**EXERCISE AIM**
Repeat every line of the data exactly; no picture belongs in the copy.

**INPUT DATA**
=== Section Start ===

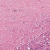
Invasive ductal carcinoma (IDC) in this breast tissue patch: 0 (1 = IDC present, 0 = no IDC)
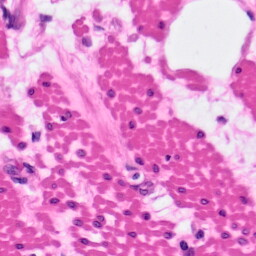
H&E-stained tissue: Pancreatic
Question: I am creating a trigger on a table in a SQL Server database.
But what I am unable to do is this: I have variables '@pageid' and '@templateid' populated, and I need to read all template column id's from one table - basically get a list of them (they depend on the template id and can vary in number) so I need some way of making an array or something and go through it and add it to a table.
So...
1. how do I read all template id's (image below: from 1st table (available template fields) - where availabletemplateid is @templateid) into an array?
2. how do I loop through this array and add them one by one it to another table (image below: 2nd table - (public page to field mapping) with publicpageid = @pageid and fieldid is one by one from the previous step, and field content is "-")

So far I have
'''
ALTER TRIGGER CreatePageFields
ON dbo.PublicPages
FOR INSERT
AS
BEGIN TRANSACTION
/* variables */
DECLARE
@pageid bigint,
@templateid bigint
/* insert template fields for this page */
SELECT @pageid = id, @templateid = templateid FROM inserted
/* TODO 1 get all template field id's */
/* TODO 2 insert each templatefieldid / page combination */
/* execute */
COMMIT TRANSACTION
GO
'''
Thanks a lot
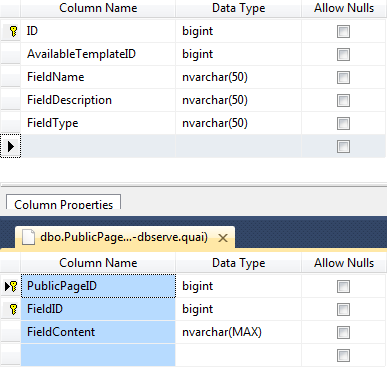
Answer: I don't think you need an array (table variable) or any looping (cursor). Something like this will be much, much faster (guessing at your table and field names):
'''
INSERT INTO publicpagetofieldmapping (PublicPageID, FieldID, FieldContent)
SELECT t1.ID, t2.ID, '-'
FROM INSERTED t1
JOIN AvailableTemplateFields t2
ON t1.TemplateID = t2.availabletemplateid
'''
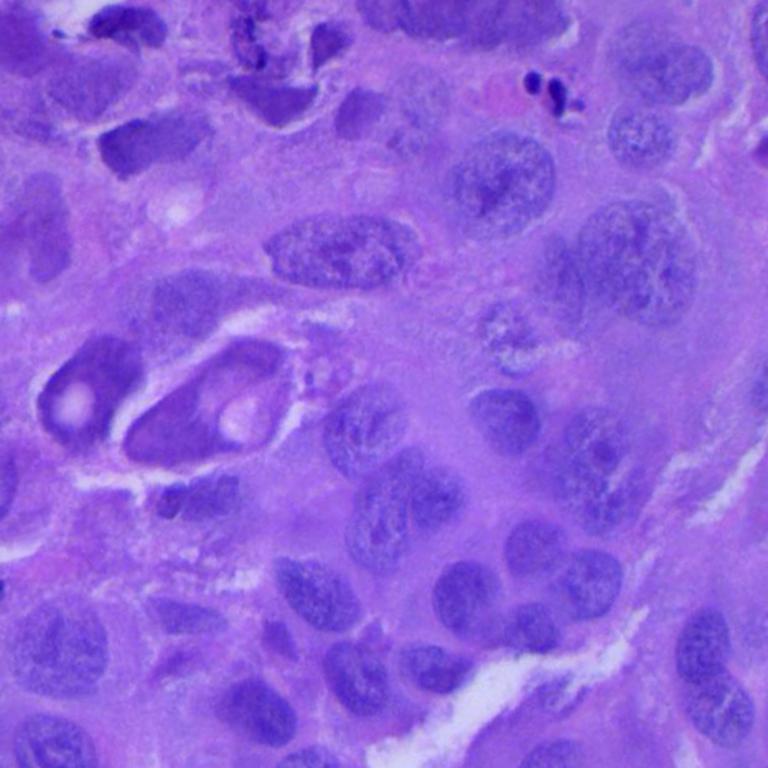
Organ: lung
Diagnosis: squamous carcinomas

=== Section End ===

**SOLUTION TO THE PROBLEM**
Invasive ductal carcinoma (IDC) in this breast tissue patch: 0 (1 = IDC present, 0 = no IDC)
H&E-stained tissue: Pancreatic
Question: I am creating a trigger on a table in a SQL Server database.
But what I am unable to do is this: I have variables '@pageid' and '@templateid' populated, and I need to read all template column id's from one table - basically get a list of them (they depend on the template id and can vary in number) so I need some way of making an array or something and go through it and add it to a table.
So...
1. how do I read all template id's (image below: from 1st table (available template fields) - where availabletemplateid is @templateid) into an array?
2. how do I loop through this array and add them one by one it to another table (image below: 2nd table - (public page to field mapping) with publicpageid = @pageid and fieldid is one by one from the previous step, and field content is "-")

So far I have
'''
ALTER TRIGGER CreatePageFields
ON dbo.PublicPages
FOR INSERT
AS
BEGIN TRANSACTION
/* variables */
DECLARE
@pageid bigint,
@templateid bigint
/* insert template fields for this page */
SELECT @pageid = id, @templateid = templateid FROM inserted
/* TODO 1 get all template field id's */
/* TODO 2 insert each templatefieldid / page combination */
/* execute */
COMMIT TRANSACTION
GO
'''
Thanks a lot
Answer: I don't think you need an array (table variable) or any looping (cursor). Something like this will be much, much faster (guessing at your table and field names):
'''
INSERT INTO publicpagetofieldmapping (PublicPageID, FieldID, FieldContent)
SELECT t1.ID, t2.ID, '-'
FROM INSERTED t1
JOIN AvailableTemplateFields t2
ON t1.TemplateID = t2.availabletemplateid
'''
Organ: lung
Diagnosis: squamous carcinomas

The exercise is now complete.